His existence was degraded, and he spent his days scrounging. Humbled by hunger, he felt as if he had a yoke of iron around his neck. He begged in front of the Santa Maria del Fiore. The tourists, ever ready to spend ten euros on a museum, one-hundred on a restaurant meal or a two-hundred on a hotel room, simply could not find it in their hearts to bestow a few coins on the cripple. His appearance disgusted people and they chose to stay as far away from him as possible, lest they catch whatever it was he had. Thus, for him, to even find basic sustenance seemed impossible.
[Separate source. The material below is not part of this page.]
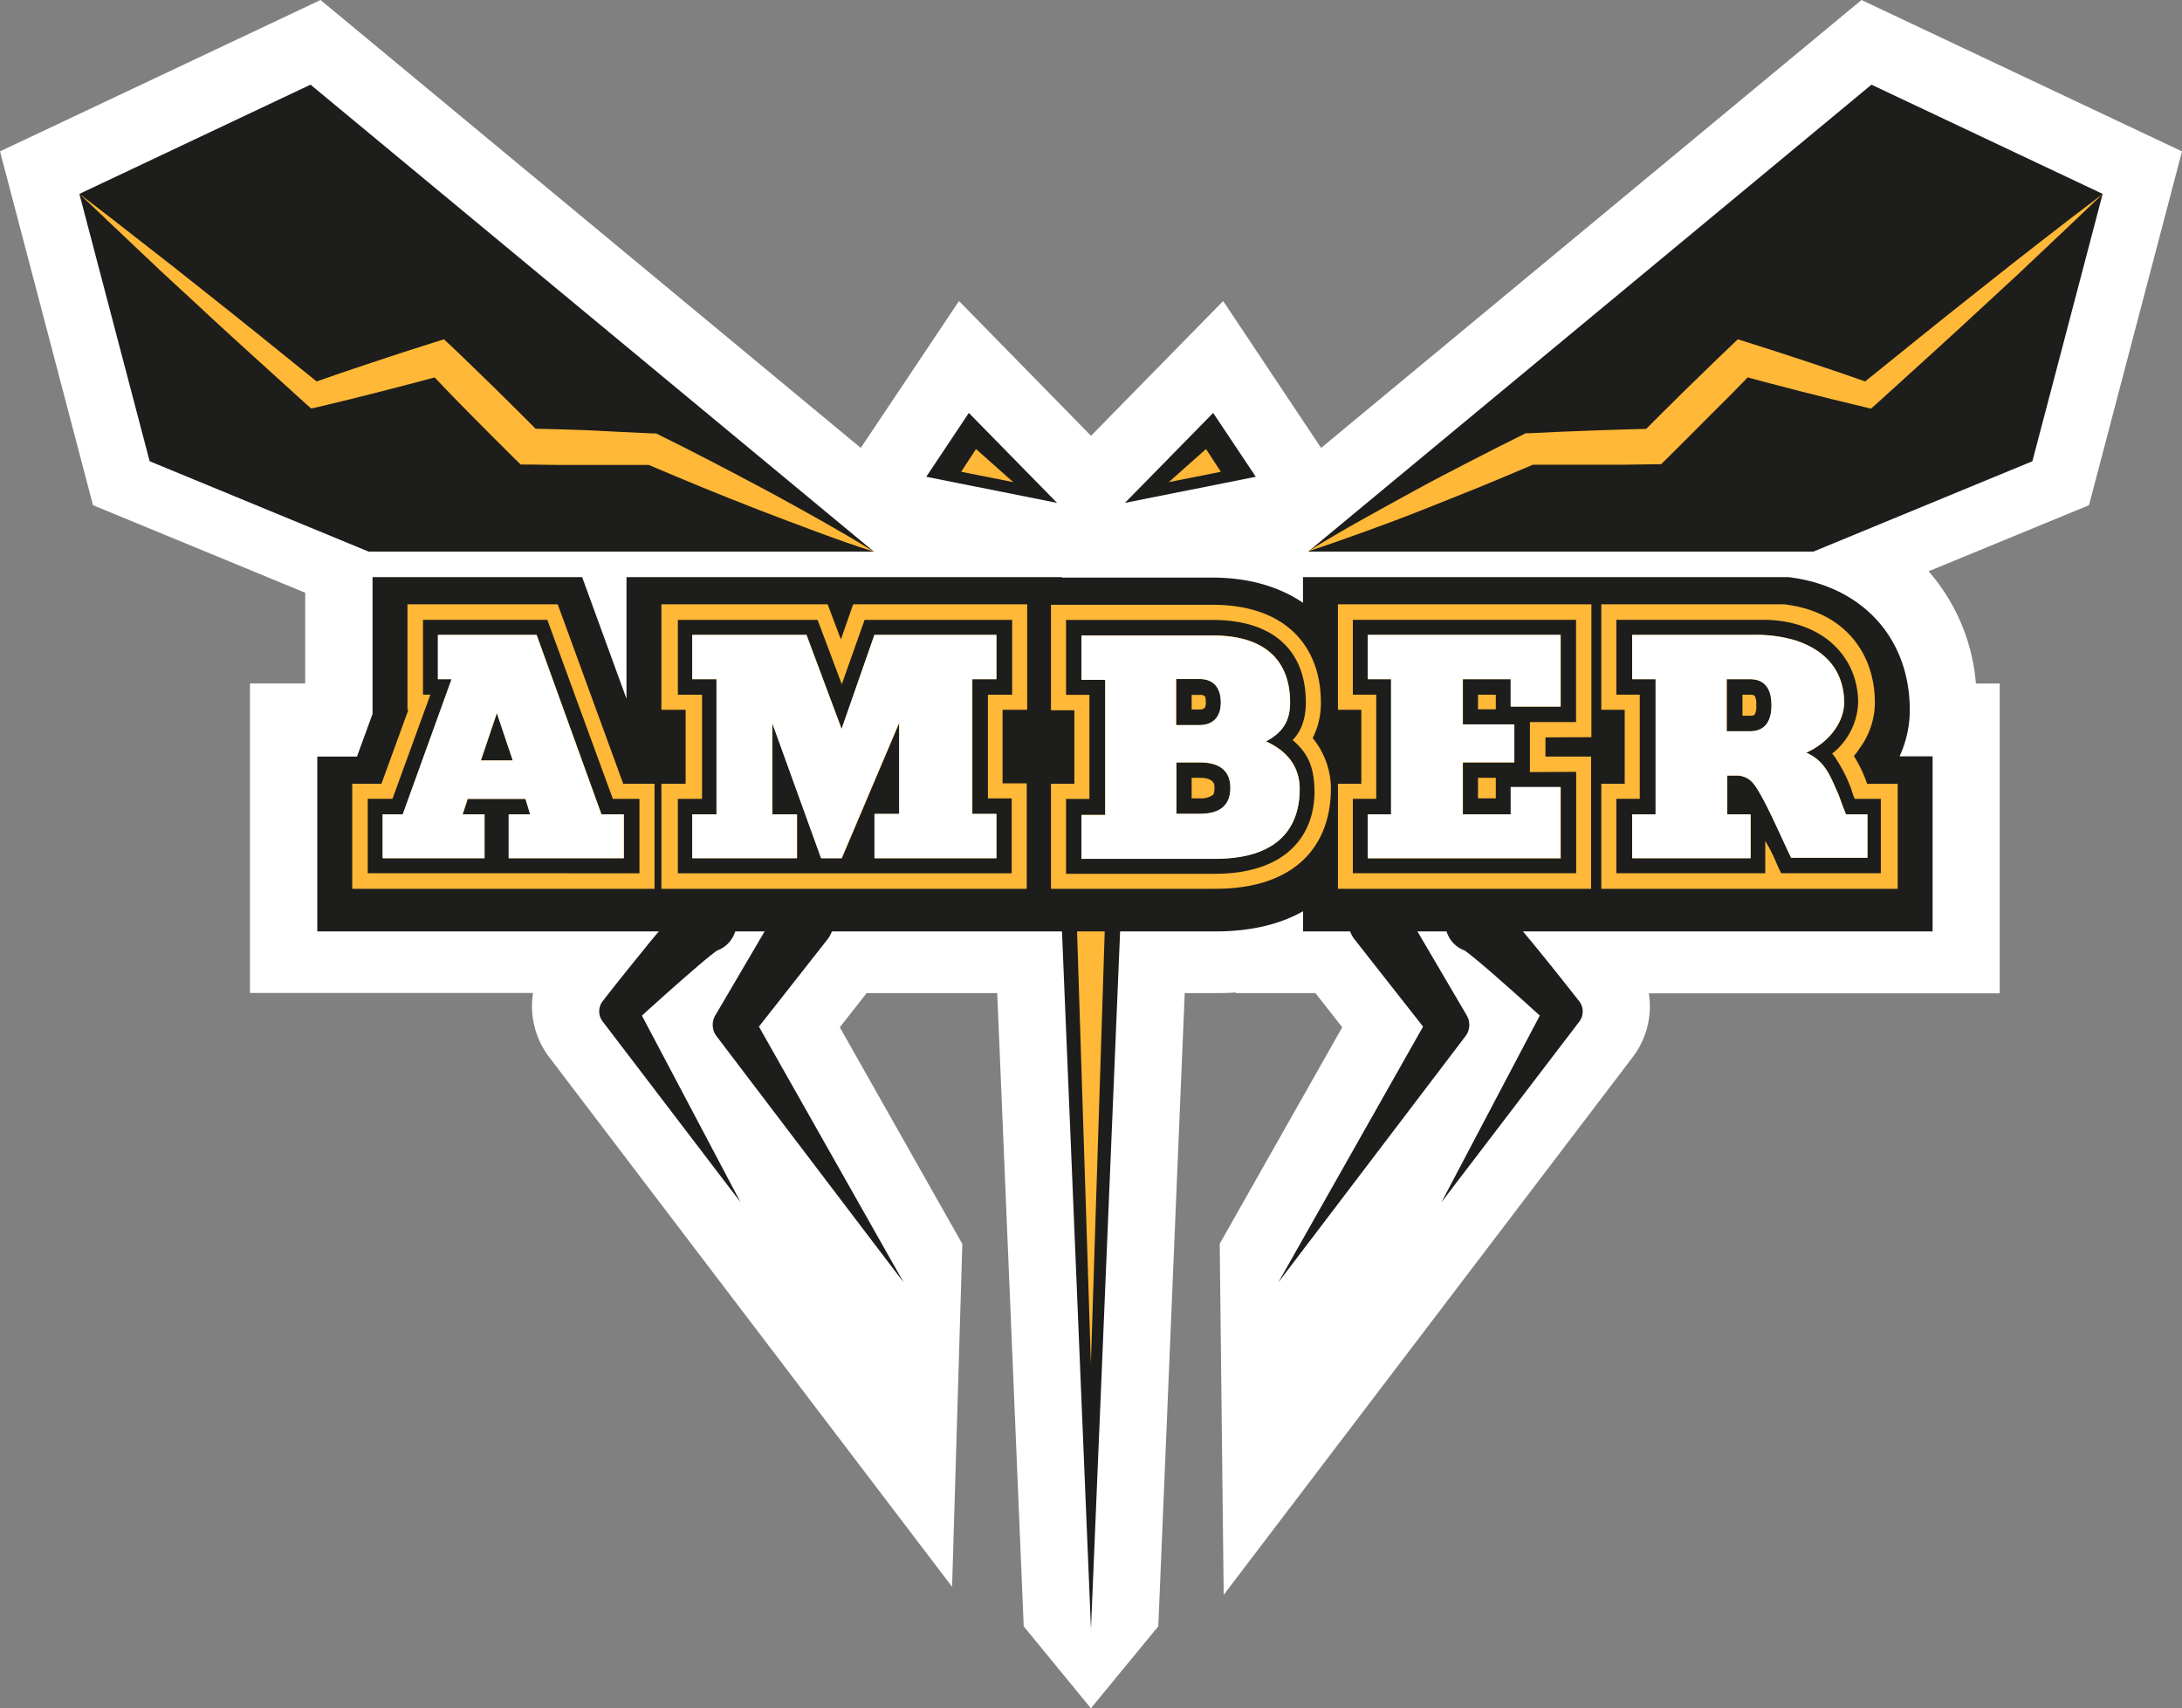 <svg xmlns="http://www.w3.org/2000/svg" viewBox="0 0 466.43 365.18"><rect x="0" y="0" width="466.43" height="365.18" fill="#808080" stroke="none"/><defs><style>.cls-1{fill:#fff;}.cls-2{fill:#1d1d1b;}.cls-3{fill:#ffb837;}</style></defs><g id="Layer_2" data-name="Layer 2"><g id="Layer_1-2" data-name="Layer 1"><path class="cls-1" d="M466.43,32.36,397.92,0,282.4,95.75l-20.93-31.4L233.22,93.16,205,64.35,184,95.75,68.52,0,0,32.36,19.88,108l45.36,18.71v19.39H53.43v66.17h60.51A18,18,0,0,0,117.41,226l86.11,113.21,2.19-73.29L179.52,219.6l5.74-7.31h27.91l5.66,135.37,14.36,17.52,14.41-17.52,5.65-135.37h6.55c1.46,0,2.9,0,4.31-.14v.14h17.07l5.74,7.31-26.19,46.28.85,75.05L349,226a17.94,17.94,0,0,0,3.46-13.66h75V146.12h-5.09a41.55,41.55,0,0,0-10.11-24L446.55,108Z"/><path class="cls-2" d="M162.23,219.46l14.65-18.64a7.12,7.12,0,0,0,.47-.7,6.25,6.25,0,1,0-10.78-6.33l-13.36,22.75-.31.52a4,4,0,0,0,.27,4.45l40,52.64Z"/><path class="cls-2" d="M137.22,217.11c2.63-2.39,5.28-4.77,7.93-7.1,1.67-1.47,3.35-2.92,5-4.33.84-.7,1.67-1.39,2.48-2l.63-.48a6.08,6.08,0,0,0,1.73-.94,6.23,6.23,0,0,0,1.11-8.76,6.37,6.37,0,0,0-1.81-1.58,6.72,6.72,0,0,0-1.13-.52c-.19-.06-.38-.12-.57-.16a3.31,3.31,0,0,0-.44-.09,6.57,6.57,0,0,0-2,0,4,4,0,0,0-.48.09l-.19,0-.33.1c-.22.07-.43.15-.64.24a6.68,6.68,0,0,0-1,.54l-.29.19-.19.15a4,4,0,0,0-.34.27c-.38.32-.65.58-.91.83-.5.49-.92,1-1.34,1.4-.82.9-1.58,1.78-2.34,2.66-1.5,1.76-3,3.51-4.38,5.27-2.87,3.52-5.68,7-8.48,10.61l-.4.51a3.56,3.56,0,0,0,0,4.37L158.3,257Z"/><polygon class="cls-2" points="225.96 107.5 207.1 88.27 198 101.92 225.96 107.5"/><polygon class="cls-3" points="216.6 103.07 208.63 95.99 205.46 100.85 216.6 103.07"/><polygon class="cls-2" points="66.38 18.1 16.97 41.45 31.99 98.6 78.78 117.91 186.79 117.91 66.38 18.1"/><path class="cls-3" d="M175.48,111.26c-3.82-2.13-7.62-4.27-11.47-6.33s-7.7-4.1-11.56-6.1-7.76-4-11.66-5.91l-.54-.27-.82,0c-2.2-.12-4.41-.22-6.61-.31L126.2,92l-6.62-.22-5.08-.13c-2.78-2.8-5.59-5.56-8.39-8.34l-4.79-4.65q-2.38-2.34-4.81-4.63L94.9,72.54l-2,.62c-2.21.71-4.43,1.4-6.64,2.12l-6.62,2.18-6.61,2.22-5.35,1.86L56,72.1c-4.29-3.47-8.62-6.89-12.94-10.32l-6.49-5.14-6.52-5.09Q23.57,46.45,17,41.45q6,5.74,12,11.4l6,5.67,6.08,5.61c4,3.75,8.1,7.5,12.18,11.2L65.52,86.45l1,.88L68,87l6.79-1.64,6.76-1.7,6.75-1.75c1.54-.4,3.07-.81,4.61-1.23C93.93,81.76,95,82.87,96.07,84l4.67,4.77c3.14,3.15,6.27,6.32,9.44,9.44l1.12,1.09,1.51,0,6.62.09,6.62,0h6.63c2,0,4,0,6,0,3.76,1.61,7.53,3.18,11.31,4.74,4,1.64,8.08,3.27,12.15,4.85s8.15,3.1,12.25,4.63,8.22,3,12.39,4.31C183.06,115.6,179.27,113.42,175.48,111.26Z"/><path class="cls-2" d="M313.53,217.06l-.3-.52-13.36-22.75a7.91,7.91,0,0,0-.48-.7,6.25,6.25,0,0,0-9.83,7.73l14.64,18.64-30.94,54.68,40-52.63A4,4,0,0,0,313.53,217.06Z"/><path class="cls-2" d="M337.55,214l-.41-.51c-2.8-3.57-5.6-7.09-8.47-10.61-1.44-1.76-2.89-3.51-4.39-5.27-.75-.88-1.51-1.76-2.34-2.66-.41-.45-.83-.91-1.34-1.4-.25-.25-.53-.51-.91-.83l-.33-.27-.2-.15-.29-.19a6.43,6.43,0,0,0-1-.54c-.21-.09-.43-.17-.65-.24l-.33-.1-.19,0a3.55,3.55,0,0,0-.47-.09,6.57,6.57,0,0,0-2,0,3.07,3.07,0,0,0-.45.09c-.18,0-.37.1-.56.16a7.28,7.28,0,0,0-1.14.52,6.37,6.37,0,0,0-1.81,1.58,6.25,6.25,0,0,0,1.11,8.76,6.36,6.36,0,0,0,1.73.94c.21.15.42.32.63.48.81.63,1.65,1.32,2.48,2,1.67,1.41,3.35,2.86,5,4.33,2.66,2.33,5.3,4.71,7.93,7.1L308.13,257l29.45-38.59A3.59,3.59,0,0,0,337.55,214Z"/><polygon class="cls-2" points="240.47 107.5 259.33 88.27 268.44 101.92 240.47 107.5"/><polygon class="cls-3" points="249.83 103.07 257.8 95.99 260.97 100.85 249.83 103.07"/><polygon class="cls-2" points="400.05 18.1 449.47 41.45 434.45 98.6 387.65 117.91 279.64 117.91 400.05 18.1"/><path class="cls-3" d="M436.34,51.55l-6.52,5.09-6.49,5.14c-4.32,3.43-8.65,6.85-12.94,10.32L398.7,81.54l-5.34-1.86-6.61-2.22-6.63-2.18c-2.21-.72-4.43-1.41-6.64-2.12l-2-.62-1.61,1.53c-1.61,1.53-3.22,3.07-4.81,4.63l-4.78,4.65c-2.81,2.78-5.62,5.54-8.4,8.34l-5.07.13-6.62.22-6.62.26c-2.21.09-4.41.19-6.62.31l-.81,0-.54.27c-3.91,1.93-7.79,3.92-11.66,5.91s-7.73,4-11.57,6.1-7.65,4.2-11.46,6.33-7.59,4.34-11.32,6.65c4.17-1.35,8.29-2.82,12.4-4.31s8.19-3,12.25-4.63,8.11-3.21,12.14-4.85c3.78-1.56,7.55-3.13,11.31-4.74,2,0,4,0,6,0h6.62l6.63,0,6.62-.09,1.5,0,1.12-1.09c3.18-3.12,6.3-6.29,9.44-9.44L370.36,84q1.62-1.65,3.22-3.32c1.53.42,3.06.83,4.6,1.23l6.75,1.75,6.77,1.7L398.48,87l1.47.36,1-.88,12.25-11.12c4.09-3.7,8.14-7.45,12.19-11.2l6.07-5.61,6-5.67q6-5.64,12-11.4Q442.87,46.45,436.34,51.55Z"/><path class="cls-2" d="M239.45,198.82l-6.24,149.41L227,198.82a6.25,6.25,0,0,1,12.48-.52,4.51,4.51,0,0,1,0,.52"/><path class="cls-3" d="M236.19,197.77l-3,93.68-3-93.68c-.07-2.16,1.21-4,2.85-4.07s3,1.58,3.1,3.75v.32"/><path class="cls-2" d="M406.06,161.68a23.66,23.66,0,0,0,2.18-9.91c0-15.39-10.21-26.54-26-28.4l-34.61,0h-69.1v5.49c-5.08-3.46-11.66-5.39-19.39-5.39H227v-.1H133.92v26l-9.48-26H79.64v29.23l-3.33,9.13H67.83v37.38h192c7.82,0,14-1.63,18.71-4.31v4.31H413.12V161.68Z"/><path class="cls-3" d="M109.65,162.56l-3.41-10.15-3.42,10.15Zm18.94,11.52h4.79v9.38H108.77v-9.38h4.59l-1-3.31H100l-1.08,3.31h4.69v9.38H81.83v-9.38h4.3l10.44-28.89H93.64v-9.47h21.09Zm8.1,12.6V170.77H131l-14-38.27H90.42v16H92l-8.1,22.26H78.61v15.91Zm3.23-19.14V190H75.29V167.54h6.25l5.76-15.81h-.2V129.18h32.12l14,38.36Z"/><path class="cls-3" d="M207.86,145.19V174H213v9.47H187V174h5.27V154.46l-12.3,29h-4.39l-10.45-28.9v19.52h5.28v9.38H148v-9.38h5.18V145.19H148v-9.47h24.41l7.51,20.11,7-20.11H213v9.47Zm3.32,25.48V148.51h5.18v-16H184.82l-4.88,13.76-5.17-13.76H144.9v16h5.17v22.26H144.9v15.91h71.36v-16Zm3.13-18.94v15.72h5.17V190h-78.1V167.54h5.18V151.73h-5.18V129.18h35.54l2.83,7.51,2.63-7.51h37.2v22.55Z"/><path class="cls-3" d="M254.73,170.67v-4.4h1.75c1.86,0,3.13.59,3.13,1.86v.29c0,.39,0,1.27-.39,1.56a4.57,4.57,0,0,1-2.74.69Zm0-19v-3.12h1.75a1.57,1.57,0,0,1,1.08.29c.09.1.19.39.19,1.27a2.3,2.3,0,0,1-.19,1.17,1.38,1.38,0,0,1-1.08.39Zm8.3,16.79c0-4.2-3-5.46-6.55-5.46h-5v11h5c3.52,0,6.55-1.17,6.55-5.57M261,150.17c0-3.81-2.24-5-4.49-5h-5.07V155h5.07c2.54,0,4.49-1.46,4.49-4.78M231.2,183.55v-9.37h5.08V145.29H231.2v-9.47h28c12.69,0,16.59,6.73,16.59,14.35,0,4.19-1.85,6.54-5.17,8.29,4.49,2,7.22,5.37,7.22,10.16,0,8.1-4.39,14.93-18.06,14.93ZM281,169.2c-.1-5-1.17-8-4.69-11,2.15-2.15,2.83-5.17,2.83-8.1,0-10.25-6.15-17.57-19.91-17.57H227.88v16h5v22.26h-5v16h31.83c15.13,0,21.28-8.11,21.28-17.58M224.66,190V167.54h5V151.83h-5V129.28h34.46c16.3,0,23.23,9.46,23.23,20.79a16.32,16.32,0,0,1-1.75,7.71,17.11,17.11,0,0,1,3.9,10.74c0,12.2-7.52,21.48-24.7,21.48Z"/><path class="cls-3" d="M315.94,166.27h3.81v4.4h-3.81Zm0-17.76h3.81v3.12h-3.81Zm7,2.54v-5.86H312.72v9.66h11V163h-11v11.12H323v-5.85h10.64v15.23h-41.2v-9.38h5V145.19h-5v-9.47h41.2v15.33Zm4.1,14V154.36h9.86V132.5H289.19v16h5v22.26h-5v15.91h47.74V165Zm3.32-7.42v4.1h9.76V190H286V167.54h5V151.73h-5V129.18h54.18v28.41Z"/><path class="cls-3" d="M372.47,153v-4.49h1.66a1.26,1.26,0,0,1,1,.29,3.79,3.79,0,0,1,.29,1.95,3.92,3.92,0,0,1-.29,1.95,1.15,1.15,0,0,1-1,.3Zm6.24-2.25c0-4.2-2-5.56-4.58-5.56h-5v11.13h5c2.63,0,4.58-1.47,4.58-5.57m-29.77,32.71v-9.38h5V145.19h-5v-9.47H375.1a29.14,29.14,0,0,1,8.69,1.17c6.64,2.15,10.35,6.64,10.45,13.18,0,4.39-3.32,8.69-8.11,10.83,3.71,1.66,4.88,4.3,6.64,8.4.49,1,1,2.73,1.86,4.78h4.58v9.28h-16.3c-2.05-4.2-5.86-13.18-8.1-15.91a4.55,4.55,0,0,0-3.71-1.66h-1.86v8.29h5v9.38Zm53.11-12.69h-5.57c-.49-1-.68-2.06-1-2.74a32.17,32.17,0,0,0-2.84-5.56,6.76,6.76,0,0,0-1-1.37,14.53,14.53,0,0,0,5.56-10.93c0-9-6.64-17.19-19.43-17.67H345.52v16h5v22.26h-5v15.91h31.83v-6.93c2.24,3.9,2.14,4.49,3.41,6.93h21.29ZM342.3,190V167.54h5V151.73h-5V129.18h39.05c13.28,1.56,19.43,10.83,19.43,21a16.49,16.49,0,0,1-3.32,9.86,10.08,10.08,0,0,1-1.17,1.56,28.52,28.52,0,0,1,2.83,5.95h6.54V190Z"/><path class="cls-1" d="M109.6,162.56l-3.41-10.15-3.42,10.15Zm18.94,11.52h4.79v9.38H108.72v-9.38h4.59l-1-3.31H99.94l-1.07,3.31h4.68v9.38H81.78v-9.38h4.3l10.44-28.89H93.59v-9.47h21.09Z"/><polygon class="cls-1" points="207.81 145.19 207.81 173.99 212.99 173.99 212.99 183.46 186.92 183.46 186.92 173.99 192.2 173.99 192.2 154.46 179.89 183.46 175.5 183.46 165.06 154.56 165.06 174.08 170.33 174.08 170.33 183.46 147.97 183.46 147.97 174.08 153.15 174.08 153.15 145.19 147.97 145.19 147.97 135.72 172.38 135.72 179.89 155.83 186.92 135.72 212.99 135.72 212.99 145.19 207.81 145.19"/><path class="cls-1" d="M263,168.42c0-4.2-3-5.46-6.55-5.46h-5v11h5c3.52,0,6.55-1.18,6.55-5.57m-2.05-18.25c0-3.81-2.25-5-4.5-5h-5.07V155h5.07c2.54,0,4.5-1.46,4.5-4.78m-29.78,33.38v-9.37h5.08v-28.9h-5.08v-9.46h28c12.69,0,16.59,6.73,16.59,14.35,0,4.19-1.85,6.54-5.17,8.29,4.49,2,7.22,5.37,7.22,10.16,0,8.1-4.39,14.93-18.06,14.93Z"/><polygon class="cls-1" points="322.92 151.04 322.92 145.19 312.67 145.19 312.67 154.85 323.7 154.85 323.7 162.96 312.67 162.96 312.67 174.08 322.92 174.08 322.92 168.23 333.56 168.23 333.56 183.46 292.36 183.46 292.36 174.08 297.34 174.08 297.34 145.19 292.36 145.19 292.36 135.72 333.56 135.72 333.56 151.04 322.92 151.04"/><path class="cls-1" d="M378.66,150.75c0-4.2-2.05-5.56-4.58-5.56h-5v11.13h5c2.63,0,4.58-1.47,4.58-5.57m-29.77,32.71v-9.38h5V145.19h-5v-9.47h26.16a29.14,29.14,0,0,1,8.69,1.17c6.64,2.15,10.35,6.64,10.45,13.18,0,4.39-3.32,8.69-8.11,10.83,3.71,1.66,4.88,4.3,6.64,8.4.49,1,1,2.73,1.86,4.78h4.59v9.28H382.86c-2.05-4.2-5.86-13.18-8.1-15.91a4.55,4.55,0,0,0-3.71-1.66h-1.86v8.29h5v9.38Z"/></g></g></svg>

He was lucky to get a piece of bread or an old bit of vegetable. Meat never crossed his lips. In dire need of nutrition, warmth and care, he had only hunger, the open sky and the yellow spit of obnoxious young men. After weeks of this, of begging, of sleeping on any dry patch he could manage to appropriate for an hour, he looked at the drizzling heavens, thought on God and considered his cruel divinity. Presently the rain stopped and he crawled along the sober cold bricks, his head spinning, filled with the pangs and darkness of sorrow. Crucified by sheer bodily weakness, he collapsed and let his eyes close against that chilly surface which had once been baked by fire.

Two figures approached him, their heads covered with black hoods, which had round holes cut out for the eyes, and their bodies draped with black robes of course cloth. They inspected the cripple, lying before them as one dead, a stinking heap of debased humanity, murmured to each other, and then hoisted him on their shoulders and carried him away. A quarter of an hour later he was set down in front of the outer precinct of the Sette Santi convent.